We use nonsense carrier words to collect all possible diphones, following . Others have successfully used natural carrier phrases, but the argued advantage of natural delivery offers may also be a disadvantage as people may assume too much, and fail to produce exactly the desired phones. Within this framework, an experiment may be carried out to compare the results of voices made from nonsense words to one made from naturalistic text, but we know of none having been performed as of yet.

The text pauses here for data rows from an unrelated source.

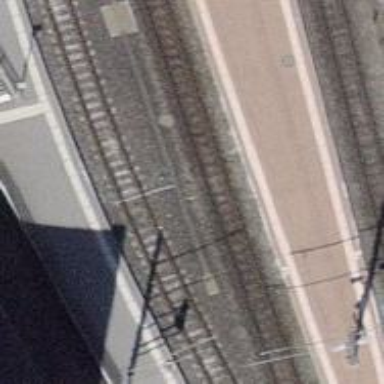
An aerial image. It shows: Narrow-gauge railway with electrified contact line.
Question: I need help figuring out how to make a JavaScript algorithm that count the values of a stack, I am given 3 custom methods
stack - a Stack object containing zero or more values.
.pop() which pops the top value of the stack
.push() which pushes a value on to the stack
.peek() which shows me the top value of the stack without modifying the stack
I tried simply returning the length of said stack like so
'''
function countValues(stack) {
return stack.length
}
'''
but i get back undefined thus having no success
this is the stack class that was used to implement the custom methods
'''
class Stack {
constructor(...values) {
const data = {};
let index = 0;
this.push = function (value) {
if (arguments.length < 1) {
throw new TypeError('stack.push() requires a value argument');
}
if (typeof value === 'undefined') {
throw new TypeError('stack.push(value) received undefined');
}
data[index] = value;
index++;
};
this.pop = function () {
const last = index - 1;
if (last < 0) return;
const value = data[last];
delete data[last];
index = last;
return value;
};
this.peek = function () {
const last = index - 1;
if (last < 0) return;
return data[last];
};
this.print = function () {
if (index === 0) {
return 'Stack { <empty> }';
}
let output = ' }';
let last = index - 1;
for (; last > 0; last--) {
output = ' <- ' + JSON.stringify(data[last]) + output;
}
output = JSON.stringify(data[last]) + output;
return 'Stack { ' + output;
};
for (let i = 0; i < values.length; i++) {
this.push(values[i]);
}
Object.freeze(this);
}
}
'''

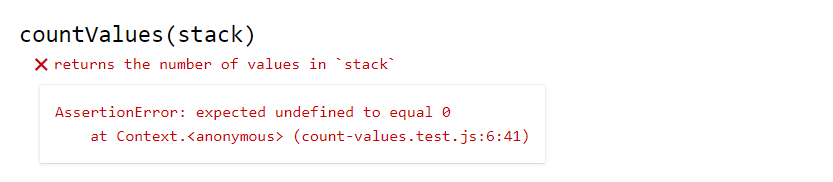
Answer: '''
class Stack {
constructor(...values) {
const data = {};
let index = 0;
this.push = function(value) {
if (arguments.length < 1) {
throw new TypeError('stack.push() requires a value argument');
}
if (typeof value === 'undefined') {
throw new TypeError('stack.push(value) received undefined');
}
data[index] = value;
index++;
};
this.pop = function() {
const last = index - 1;
if (last < 0) return;
const value = data[last];
delete data[last];
index = last;
return value;
};
this.peek = function() {
const last = index - 1;
if (last < 0) return;
return data[last];
};
this.print = function() {
if (index === 0) {
return 'Stack { <empty> }';
}
let output = ' }';
let last = index - 1;
for (; last > 0; last--) {
output = ' <- ' + JSON.stringify(data[last]) + output;
}
output = JSON.stringify(data[last]) + output;
return 'Stack { ' + output;
};
for (let i = 0; i < values.length; i++) {
this.push(values[i]);
}
Object.freeze(this);
}
}
const myStack = new Stack(1, 2, 3, 4, 5);
// Here's an easy but not so good way:
function countValues1(stack) {
return Array.from(stack.print()).filter(x => x === "<").length + 1;
}
// Here's another way, but it mutates the stack:
function countValues2(stack) {
let count = 0;
while (true) {
if (stack.pop() === undefined) {
break;
}
count++;
}
return count;
}
console.log(countValues1(myStack));
console.log(countValues2(myStack));
'''
Without knowing exactly how stack works, or specifically what you need (are you allowed to modify the stack implementation? are you allowed to mutate the contents of the stack?) we'll struggle for a good answer, but the above should help get you maybe slightly closer perhaps.
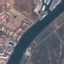
Label: River
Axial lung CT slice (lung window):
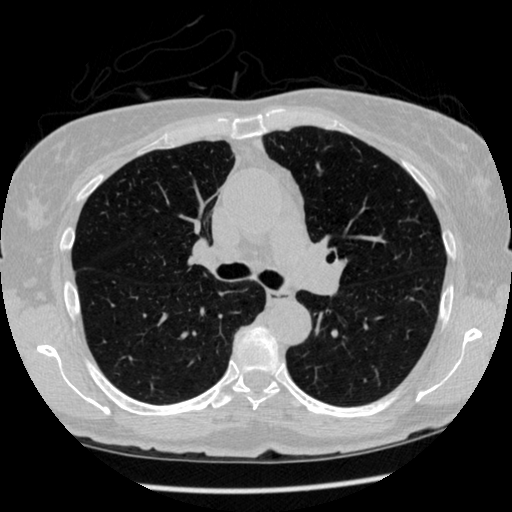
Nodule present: no
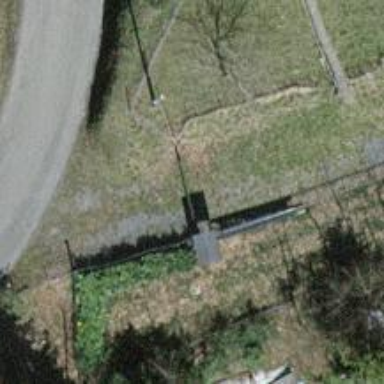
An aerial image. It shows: Gate.
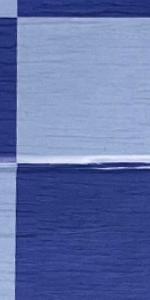
Label: Empty
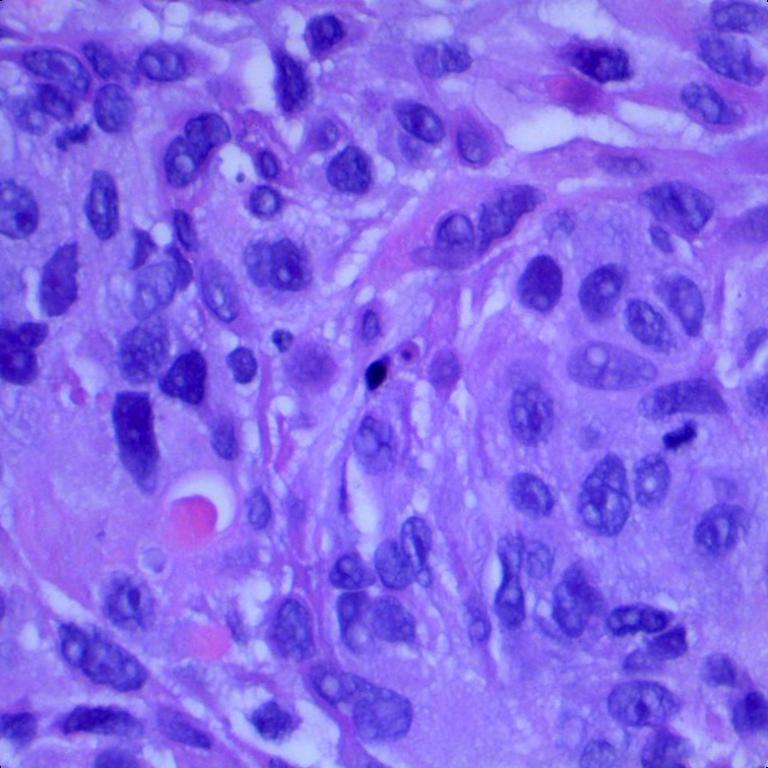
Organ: lung
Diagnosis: squamous carcinomas
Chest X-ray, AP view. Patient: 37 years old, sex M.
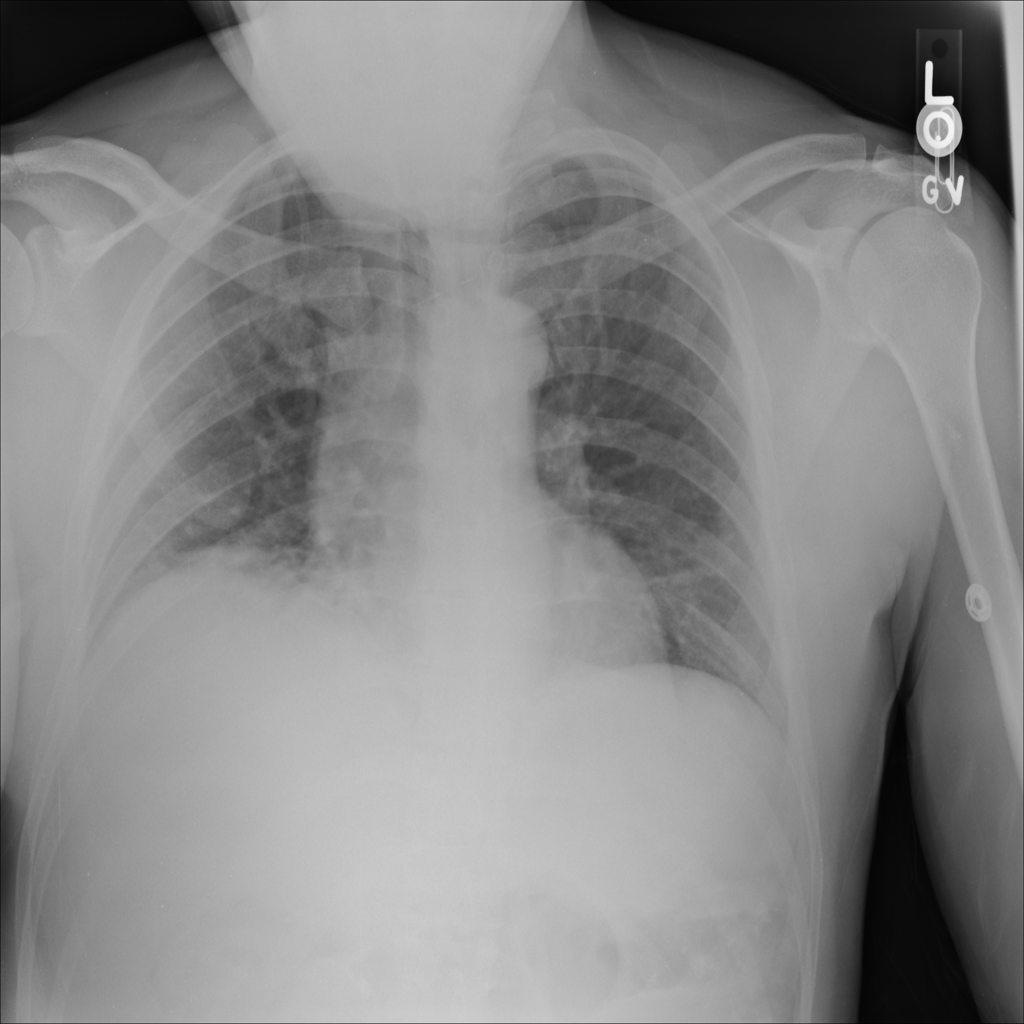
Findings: Atelectasis, Effusion
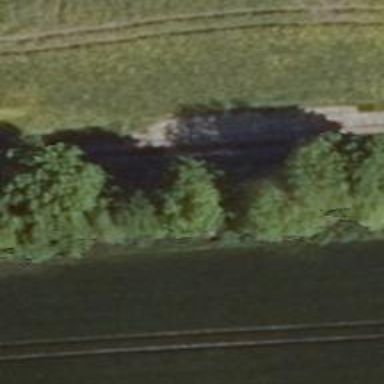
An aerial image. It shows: Row of trees in natural setting.
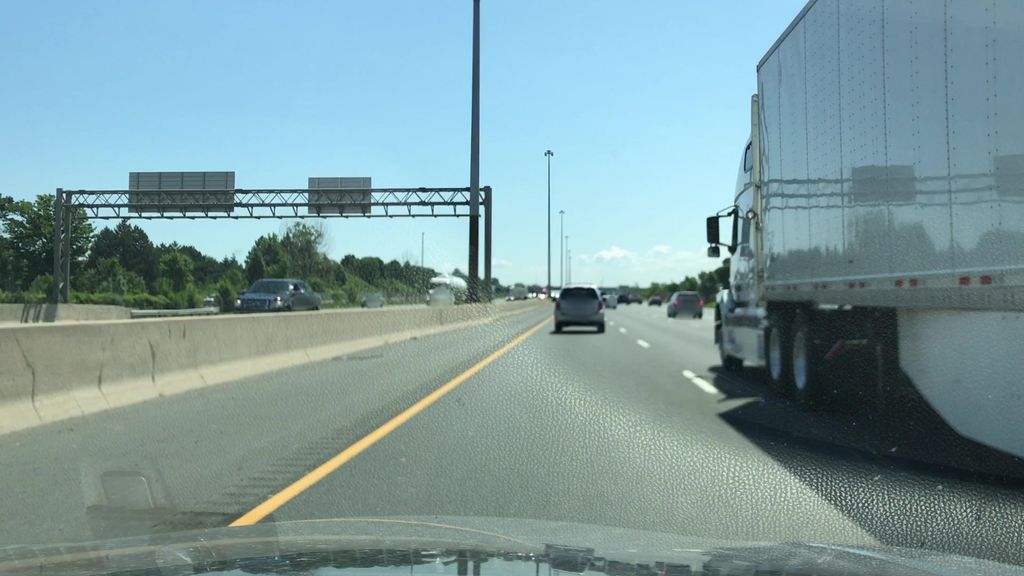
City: hamilton
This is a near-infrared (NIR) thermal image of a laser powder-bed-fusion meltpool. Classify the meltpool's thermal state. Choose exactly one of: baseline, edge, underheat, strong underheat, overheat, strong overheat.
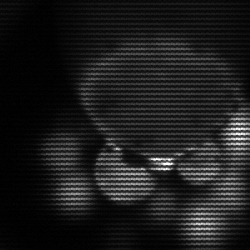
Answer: edge
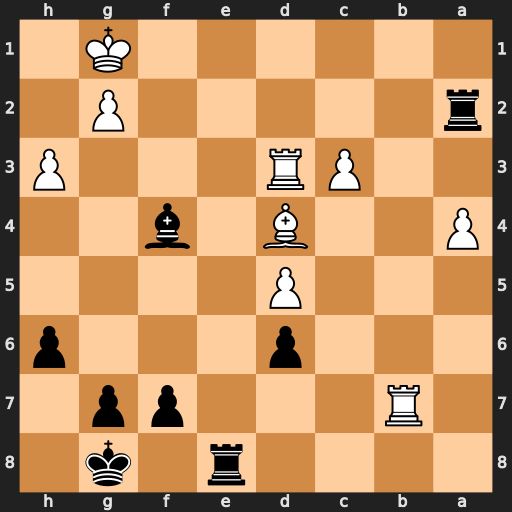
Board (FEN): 4r1k1/1R3pp1/3p3p/3P4/P2B1b2/2PR3P/r5P1/6K1
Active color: b
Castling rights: -
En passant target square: -
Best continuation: Re1#
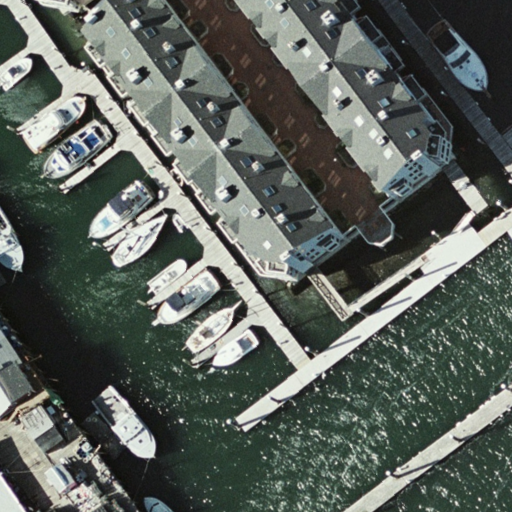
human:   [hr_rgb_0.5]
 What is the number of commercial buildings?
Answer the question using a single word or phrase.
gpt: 0

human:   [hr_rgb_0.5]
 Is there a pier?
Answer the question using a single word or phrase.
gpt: yes

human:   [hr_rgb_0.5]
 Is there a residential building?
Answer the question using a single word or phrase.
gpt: yes

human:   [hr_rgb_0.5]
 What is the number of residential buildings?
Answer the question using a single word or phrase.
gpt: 3

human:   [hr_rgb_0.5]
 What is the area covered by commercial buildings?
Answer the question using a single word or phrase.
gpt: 0m2

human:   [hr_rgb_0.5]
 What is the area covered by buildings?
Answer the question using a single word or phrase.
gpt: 1935m2

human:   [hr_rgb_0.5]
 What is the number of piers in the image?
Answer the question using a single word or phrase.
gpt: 2

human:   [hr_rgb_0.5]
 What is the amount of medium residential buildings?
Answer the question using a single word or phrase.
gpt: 0

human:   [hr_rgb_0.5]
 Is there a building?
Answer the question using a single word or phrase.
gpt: yes

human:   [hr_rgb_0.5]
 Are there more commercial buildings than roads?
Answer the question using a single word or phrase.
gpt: no

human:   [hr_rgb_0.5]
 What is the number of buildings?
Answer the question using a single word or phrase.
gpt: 3

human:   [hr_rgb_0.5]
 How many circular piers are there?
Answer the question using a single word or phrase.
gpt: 0

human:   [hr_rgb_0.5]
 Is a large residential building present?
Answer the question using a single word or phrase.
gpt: yes

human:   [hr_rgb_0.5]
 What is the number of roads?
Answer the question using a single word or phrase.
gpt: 2

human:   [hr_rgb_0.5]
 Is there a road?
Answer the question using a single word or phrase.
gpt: yes

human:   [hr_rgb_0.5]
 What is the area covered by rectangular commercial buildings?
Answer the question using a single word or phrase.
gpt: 0m2

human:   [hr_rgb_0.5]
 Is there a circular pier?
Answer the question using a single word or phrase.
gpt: no

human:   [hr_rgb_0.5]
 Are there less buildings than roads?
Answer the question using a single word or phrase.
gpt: no

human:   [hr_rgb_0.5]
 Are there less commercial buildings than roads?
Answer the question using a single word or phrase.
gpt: yes

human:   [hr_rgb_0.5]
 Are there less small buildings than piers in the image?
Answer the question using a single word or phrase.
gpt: yes

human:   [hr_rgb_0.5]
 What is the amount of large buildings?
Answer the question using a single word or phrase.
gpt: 2

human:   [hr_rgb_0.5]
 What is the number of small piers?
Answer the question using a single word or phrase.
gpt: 0

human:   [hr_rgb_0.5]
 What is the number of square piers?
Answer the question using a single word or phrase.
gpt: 0

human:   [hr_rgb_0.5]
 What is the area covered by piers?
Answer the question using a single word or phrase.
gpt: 1285m2

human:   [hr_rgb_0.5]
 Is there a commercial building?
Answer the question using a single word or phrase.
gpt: no

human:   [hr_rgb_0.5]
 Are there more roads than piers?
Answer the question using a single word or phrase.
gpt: no

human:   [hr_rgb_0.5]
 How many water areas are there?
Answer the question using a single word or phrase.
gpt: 0

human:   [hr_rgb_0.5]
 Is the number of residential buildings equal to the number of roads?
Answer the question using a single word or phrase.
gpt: no

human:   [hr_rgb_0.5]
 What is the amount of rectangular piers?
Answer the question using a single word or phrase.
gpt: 2

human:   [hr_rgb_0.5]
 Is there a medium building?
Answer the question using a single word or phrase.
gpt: no

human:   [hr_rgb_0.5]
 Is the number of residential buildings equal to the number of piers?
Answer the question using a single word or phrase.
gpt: no

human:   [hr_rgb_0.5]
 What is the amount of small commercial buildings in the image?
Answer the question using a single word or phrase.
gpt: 0

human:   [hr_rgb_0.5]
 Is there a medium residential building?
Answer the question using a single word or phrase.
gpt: no

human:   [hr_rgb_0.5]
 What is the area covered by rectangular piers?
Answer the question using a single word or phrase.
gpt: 1285m2

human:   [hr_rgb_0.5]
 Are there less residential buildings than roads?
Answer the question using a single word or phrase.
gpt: no

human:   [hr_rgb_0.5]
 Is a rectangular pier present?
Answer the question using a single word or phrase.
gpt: yes

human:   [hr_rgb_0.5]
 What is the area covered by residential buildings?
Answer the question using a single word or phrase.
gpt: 1935m2

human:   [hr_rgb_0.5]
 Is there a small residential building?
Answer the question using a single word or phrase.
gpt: yes

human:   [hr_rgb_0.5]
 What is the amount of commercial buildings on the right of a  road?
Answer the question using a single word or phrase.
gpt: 0

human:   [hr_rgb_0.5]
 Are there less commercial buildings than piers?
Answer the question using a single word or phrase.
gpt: yes

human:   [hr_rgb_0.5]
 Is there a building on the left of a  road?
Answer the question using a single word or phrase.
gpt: yes

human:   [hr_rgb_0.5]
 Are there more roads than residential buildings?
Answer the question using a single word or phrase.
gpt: no

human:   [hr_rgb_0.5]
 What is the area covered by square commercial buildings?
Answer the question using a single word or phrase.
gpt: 0m2

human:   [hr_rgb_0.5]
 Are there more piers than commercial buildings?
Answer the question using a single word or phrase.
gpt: yes

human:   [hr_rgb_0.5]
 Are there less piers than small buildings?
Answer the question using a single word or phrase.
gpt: no

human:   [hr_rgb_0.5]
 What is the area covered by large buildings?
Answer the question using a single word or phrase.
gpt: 1934m2

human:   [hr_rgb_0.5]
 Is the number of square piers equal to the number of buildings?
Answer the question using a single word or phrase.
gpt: no

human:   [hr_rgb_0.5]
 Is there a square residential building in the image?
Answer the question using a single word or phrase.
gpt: no

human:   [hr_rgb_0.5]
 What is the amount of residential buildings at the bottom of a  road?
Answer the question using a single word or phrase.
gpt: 0

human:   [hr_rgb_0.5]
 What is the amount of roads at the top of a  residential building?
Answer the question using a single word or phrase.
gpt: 0

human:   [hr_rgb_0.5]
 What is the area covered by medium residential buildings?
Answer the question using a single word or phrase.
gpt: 0m2

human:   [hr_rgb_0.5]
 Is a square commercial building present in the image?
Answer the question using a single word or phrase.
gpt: no

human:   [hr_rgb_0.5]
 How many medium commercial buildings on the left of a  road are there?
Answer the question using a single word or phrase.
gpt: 0

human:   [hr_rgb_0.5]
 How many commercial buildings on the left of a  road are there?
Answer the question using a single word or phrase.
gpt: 0

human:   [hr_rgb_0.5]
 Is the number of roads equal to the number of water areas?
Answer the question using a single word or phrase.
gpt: no

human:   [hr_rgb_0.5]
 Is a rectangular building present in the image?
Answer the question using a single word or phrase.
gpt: yes

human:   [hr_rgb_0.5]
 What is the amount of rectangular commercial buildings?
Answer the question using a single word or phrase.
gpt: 0

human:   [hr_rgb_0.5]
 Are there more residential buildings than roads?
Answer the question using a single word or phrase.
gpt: yes

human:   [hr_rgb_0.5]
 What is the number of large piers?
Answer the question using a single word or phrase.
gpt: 2

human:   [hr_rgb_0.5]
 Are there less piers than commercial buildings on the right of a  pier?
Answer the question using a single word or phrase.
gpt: no

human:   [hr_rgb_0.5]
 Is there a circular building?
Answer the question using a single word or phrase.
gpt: no

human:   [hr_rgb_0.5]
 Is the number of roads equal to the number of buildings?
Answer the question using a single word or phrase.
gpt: no

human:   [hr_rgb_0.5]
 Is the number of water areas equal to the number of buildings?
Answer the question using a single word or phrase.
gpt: no

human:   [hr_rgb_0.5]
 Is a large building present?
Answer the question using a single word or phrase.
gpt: yes

It should be noted that delivering diphones is not a particularly natural endeavor. As these phone segments will be extracted both for pitch and duration, it is important that their delivery be consistent, so that joins are more likely to be acceptable.
We believe that the use of nonsense carrier material makes the delivery of the diphones more consistent. Also, the pronunciation of a phonetic string is more clearly defined in these nonsense words than in elicited natural words. We generate carrier phrases so that, where possible, we can extract the diphones from the middle of a word. As it takes time for the human articulation system to start, we do not want to extract diphones from syllables at the start or end of words, unless these transitions to or into silence (SIL) are part of the diphone in question.
for example, from
SIL T AA B AA B AA SILwe would extract the diphones [B-AA] and [AA-B], and from
SIL T AA T EY AE T AA SILwe would get [EY-AE], as the [T-EY] and [AE-T] are taken from elsewhere, though one could indeed get all three from the one prompt.
For each class in the language, consonant-vowel, vowel-consonant, vowel-vowel, consonant-consonant, silence-phone, phone-silence, and any other special sets like syllabic, consonant clusters and allophones we build simple carrier sets and loop through all possible values generating a long list of strings of phones which contain all possible diphones in the language to be recorded. Basic scripts are provide for this that can be adapted for other language, while specific scripts are provided for currently supported languages.